Another famous Father of the Church who dreaded women was St. Origen. He loathed women so much that he subjected himself to extreme methods of discipline, fasting and sleeplessness, summoning every power in him to resist being tempted by them.
When it dawned on him that he would not succeed, he cut off his manhood. The following verse in Mathew 19: 12 is an allusion to him. It says “There are eunuchs who made themselves eunuchs for the kingdom of heaven’s sake.”
The following advice from St. Paul is another allusion to Origen. It says “To the unmarried I say it is well for them to remain single as I do. But if they cannot exercise self-control, they should marry.
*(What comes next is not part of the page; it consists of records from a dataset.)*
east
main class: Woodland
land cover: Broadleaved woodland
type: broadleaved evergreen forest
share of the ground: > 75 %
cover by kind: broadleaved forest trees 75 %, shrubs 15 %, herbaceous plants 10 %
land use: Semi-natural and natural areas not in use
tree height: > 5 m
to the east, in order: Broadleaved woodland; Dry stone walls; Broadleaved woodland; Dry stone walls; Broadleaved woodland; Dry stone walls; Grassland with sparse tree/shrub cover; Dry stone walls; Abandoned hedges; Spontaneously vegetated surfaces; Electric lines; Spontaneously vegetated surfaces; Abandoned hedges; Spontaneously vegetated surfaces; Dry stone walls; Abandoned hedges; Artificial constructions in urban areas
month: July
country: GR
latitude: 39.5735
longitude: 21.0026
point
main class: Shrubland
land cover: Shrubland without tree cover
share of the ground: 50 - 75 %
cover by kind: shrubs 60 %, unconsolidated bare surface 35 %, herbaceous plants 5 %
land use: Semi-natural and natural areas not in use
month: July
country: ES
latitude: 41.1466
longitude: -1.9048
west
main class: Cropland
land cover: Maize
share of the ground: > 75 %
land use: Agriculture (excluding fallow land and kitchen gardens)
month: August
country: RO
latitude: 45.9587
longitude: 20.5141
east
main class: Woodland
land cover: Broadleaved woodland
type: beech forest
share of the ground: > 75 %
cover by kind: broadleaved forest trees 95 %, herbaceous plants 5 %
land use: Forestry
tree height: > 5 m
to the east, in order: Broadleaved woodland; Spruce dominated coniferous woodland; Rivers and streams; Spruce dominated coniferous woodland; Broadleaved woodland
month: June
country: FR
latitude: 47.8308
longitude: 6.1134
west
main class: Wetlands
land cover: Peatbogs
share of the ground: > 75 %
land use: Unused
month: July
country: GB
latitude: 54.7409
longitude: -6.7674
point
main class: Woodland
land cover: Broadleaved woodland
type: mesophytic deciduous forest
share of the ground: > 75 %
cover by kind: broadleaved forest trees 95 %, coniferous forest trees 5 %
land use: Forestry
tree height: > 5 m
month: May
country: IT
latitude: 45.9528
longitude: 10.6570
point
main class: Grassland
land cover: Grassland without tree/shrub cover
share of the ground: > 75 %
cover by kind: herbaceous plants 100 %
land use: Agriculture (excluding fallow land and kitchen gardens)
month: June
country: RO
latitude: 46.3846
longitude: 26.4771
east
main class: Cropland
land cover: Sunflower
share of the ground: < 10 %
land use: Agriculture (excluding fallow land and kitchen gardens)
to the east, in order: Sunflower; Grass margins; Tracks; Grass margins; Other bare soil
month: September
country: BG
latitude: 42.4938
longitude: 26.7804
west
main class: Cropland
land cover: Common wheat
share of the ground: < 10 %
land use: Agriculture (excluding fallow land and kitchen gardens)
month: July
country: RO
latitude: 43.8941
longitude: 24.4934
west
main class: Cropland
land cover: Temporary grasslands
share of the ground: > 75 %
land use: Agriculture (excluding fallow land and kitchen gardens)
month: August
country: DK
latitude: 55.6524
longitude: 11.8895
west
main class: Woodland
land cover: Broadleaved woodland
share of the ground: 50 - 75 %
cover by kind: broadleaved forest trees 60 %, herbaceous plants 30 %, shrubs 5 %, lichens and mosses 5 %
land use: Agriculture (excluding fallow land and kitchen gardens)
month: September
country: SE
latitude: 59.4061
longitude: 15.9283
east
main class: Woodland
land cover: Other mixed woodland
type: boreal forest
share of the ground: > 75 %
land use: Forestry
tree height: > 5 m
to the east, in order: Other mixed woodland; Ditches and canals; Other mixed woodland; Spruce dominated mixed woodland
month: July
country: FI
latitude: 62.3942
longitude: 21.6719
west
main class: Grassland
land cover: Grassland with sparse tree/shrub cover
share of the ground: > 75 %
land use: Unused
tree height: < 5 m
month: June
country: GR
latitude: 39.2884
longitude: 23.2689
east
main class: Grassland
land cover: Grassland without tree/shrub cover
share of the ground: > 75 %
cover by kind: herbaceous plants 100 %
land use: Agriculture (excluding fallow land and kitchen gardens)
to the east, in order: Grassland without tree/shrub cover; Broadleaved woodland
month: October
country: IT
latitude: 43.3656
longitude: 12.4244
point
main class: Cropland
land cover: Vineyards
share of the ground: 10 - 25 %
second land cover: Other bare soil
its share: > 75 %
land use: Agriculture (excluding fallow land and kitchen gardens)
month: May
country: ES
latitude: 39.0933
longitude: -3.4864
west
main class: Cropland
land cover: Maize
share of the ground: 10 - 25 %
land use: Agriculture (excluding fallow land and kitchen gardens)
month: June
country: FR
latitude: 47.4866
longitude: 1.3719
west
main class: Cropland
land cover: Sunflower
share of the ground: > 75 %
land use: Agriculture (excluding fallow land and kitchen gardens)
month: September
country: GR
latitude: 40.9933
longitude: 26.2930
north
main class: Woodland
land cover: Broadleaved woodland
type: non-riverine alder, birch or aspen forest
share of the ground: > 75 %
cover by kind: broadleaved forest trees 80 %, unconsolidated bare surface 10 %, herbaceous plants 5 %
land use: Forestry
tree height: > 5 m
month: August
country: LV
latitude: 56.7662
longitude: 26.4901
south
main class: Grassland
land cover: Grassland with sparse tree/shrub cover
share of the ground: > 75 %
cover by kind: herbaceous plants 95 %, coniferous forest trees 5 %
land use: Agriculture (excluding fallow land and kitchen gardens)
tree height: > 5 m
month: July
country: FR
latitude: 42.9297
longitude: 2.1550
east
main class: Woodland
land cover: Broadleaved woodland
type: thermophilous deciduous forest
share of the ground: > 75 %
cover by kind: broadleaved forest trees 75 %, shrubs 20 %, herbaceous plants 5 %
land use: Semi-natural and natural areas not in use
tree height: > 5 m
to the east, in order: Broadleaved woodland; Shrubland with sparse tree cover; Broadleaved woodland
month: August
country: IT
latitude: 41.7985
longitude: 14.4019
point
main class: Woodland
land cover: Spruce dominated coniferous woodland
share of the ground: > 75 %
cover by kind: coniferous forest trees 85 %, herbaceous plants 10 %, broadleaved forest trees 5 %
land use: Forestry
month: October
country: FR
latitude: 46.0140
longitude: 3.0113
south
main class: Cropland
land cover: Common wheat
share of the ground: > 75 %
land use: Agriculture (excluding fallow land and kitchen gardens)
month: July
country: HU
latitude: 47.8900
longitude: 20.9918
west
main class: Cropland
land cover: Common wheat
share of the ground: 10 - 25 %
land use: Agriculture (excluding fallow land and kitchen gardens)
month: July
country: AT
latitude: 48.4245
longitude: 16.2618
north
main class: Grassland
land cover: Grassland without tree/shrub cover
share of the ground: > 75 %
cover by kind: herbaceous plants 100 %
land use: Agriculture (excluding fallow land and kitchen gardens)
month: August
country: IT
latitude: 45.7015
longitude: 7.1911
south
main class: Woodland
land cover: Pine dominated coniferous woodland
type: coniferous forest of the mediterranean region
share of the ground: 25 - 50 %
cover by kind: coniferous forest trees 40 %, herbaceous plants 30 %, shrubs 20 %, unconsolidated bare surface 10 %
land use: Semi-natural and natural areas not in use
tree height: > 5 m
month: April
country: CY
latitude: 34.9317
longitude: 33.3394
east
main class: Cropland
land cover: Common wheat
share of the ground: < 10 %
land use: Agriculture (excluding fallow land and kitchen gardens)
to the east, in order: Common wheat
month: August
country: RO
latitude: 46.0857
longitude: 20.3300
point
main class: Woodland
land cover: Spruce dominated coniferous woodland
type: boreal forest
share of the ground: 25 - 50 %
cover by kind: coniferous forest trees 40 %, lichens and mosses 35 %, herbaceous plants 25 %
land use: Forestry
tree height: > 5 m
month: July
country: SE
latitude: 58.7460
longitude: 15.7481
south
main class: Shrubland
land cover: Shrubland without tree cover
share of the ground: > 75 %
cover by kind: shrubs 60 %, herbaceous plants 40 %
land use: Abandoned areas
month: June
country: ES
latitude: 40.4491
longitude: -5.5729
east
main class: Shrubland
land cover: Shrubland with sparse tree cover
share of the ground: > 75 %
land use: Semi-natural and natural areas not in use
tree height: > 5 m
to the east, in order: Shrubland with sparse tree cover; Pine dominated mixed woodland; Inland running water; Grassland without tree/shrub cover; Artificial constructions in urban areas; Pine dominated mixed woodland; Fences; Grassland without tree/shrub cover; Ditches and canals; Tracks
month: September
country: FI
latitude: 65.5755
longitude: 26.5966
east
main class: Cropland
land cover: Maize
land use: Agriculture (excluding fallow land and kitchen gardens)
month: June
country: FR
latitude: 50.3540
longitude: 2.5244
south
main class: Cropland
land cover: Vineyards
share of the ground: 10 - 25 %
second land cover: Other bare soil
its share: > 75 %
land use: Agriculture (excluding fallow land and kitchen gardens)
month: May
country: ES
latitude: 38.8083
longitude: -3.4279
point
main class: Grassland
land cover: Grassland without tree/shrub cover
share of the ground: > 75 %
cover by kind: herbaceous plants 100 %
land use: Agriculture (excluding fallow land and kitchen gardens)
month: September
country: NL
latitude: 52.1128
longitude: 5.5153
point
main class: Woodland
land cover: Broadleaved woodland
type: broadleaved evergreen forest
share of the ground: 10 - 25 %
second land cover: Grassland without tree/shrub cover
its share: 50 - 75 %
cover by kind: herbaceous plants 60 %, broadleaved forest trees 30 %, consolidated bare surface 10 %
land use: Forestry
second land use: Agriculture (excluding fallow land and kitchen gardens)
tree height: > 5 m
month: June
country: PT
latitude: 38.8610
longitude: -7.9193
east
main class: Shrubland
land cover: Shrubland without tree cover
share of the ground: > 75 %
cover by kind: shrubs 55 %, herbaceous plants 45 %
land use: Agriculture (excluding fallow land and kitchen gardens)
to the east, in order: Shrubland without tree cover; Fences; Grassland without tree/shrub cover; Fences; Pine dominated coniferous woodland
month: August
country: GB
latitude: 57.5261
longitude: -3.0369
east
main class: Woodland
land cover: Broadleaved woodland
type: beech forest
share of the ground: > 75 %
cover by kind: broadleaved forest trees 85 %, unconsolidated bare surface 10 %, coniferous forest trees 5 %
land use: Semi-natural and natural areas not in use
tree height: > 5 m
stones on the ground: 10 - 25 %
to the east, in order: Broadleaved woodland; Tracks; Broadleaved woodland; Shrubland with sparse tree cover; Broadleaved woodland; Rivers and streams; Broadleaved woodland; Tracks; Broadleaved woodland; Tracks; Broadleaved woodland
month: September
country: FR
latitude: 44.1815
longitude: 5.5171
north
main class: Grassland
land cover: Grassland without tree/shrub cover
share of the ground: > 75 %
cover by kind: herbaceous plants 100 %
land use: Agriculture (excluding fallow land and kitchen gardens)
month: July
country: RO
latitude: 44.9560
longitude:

It is better to marry than to be aflame with passion” (I Cor. 7:1-9).
All these white fabricated stories about a white male God, the first white male human being created as an image of God on earth, and the white woman formed from the rib of the first white man and called “woman” or “bone of my bone and flesh of my flesh” by the man from whose rib she was formed, are adopted and swallowed hook-line-and-sinker by Africans without thought.
For instance, “mukadzi” in Shona as a word or person is not in any way derived from or attached to “murume”.
It does not by any stretch of the imagination or magic mean “bone of my bone or flesh of my flesh” as the translators of the Bible from English to Shona blindly suggest.
Mukadzi and murume in Shona who are “bone of my bone and flesh of my flesh” are one and the same person and do not marry. That’s why they refer to each other by the same word “hanzvadzi” which is not gendered.
Such examples as the above make it quite clear that the idea that “woman” or female are appendages of “man” and cannot exist on their own right as independent words or persons from “man,” does not belong to African worldview, but to white male priests who formulated them into a religion for their own white churches and white societies.
For Africans to abandon their God Mwari and embrace the white male God and white male-female relationships as fit for men and women in Africa, clearly attest to the view that, of all the struggles of liberation in Zimbabwe and Africa, the liberation of the African soul from its deep ingrained enthralment with the white man’s God and doctrines, remains an unfinished business.
In fact, it has not begun. When it begins, it may take a thousand years to awaken the African soul from its stupefied slumber, as Ian Smith once projected.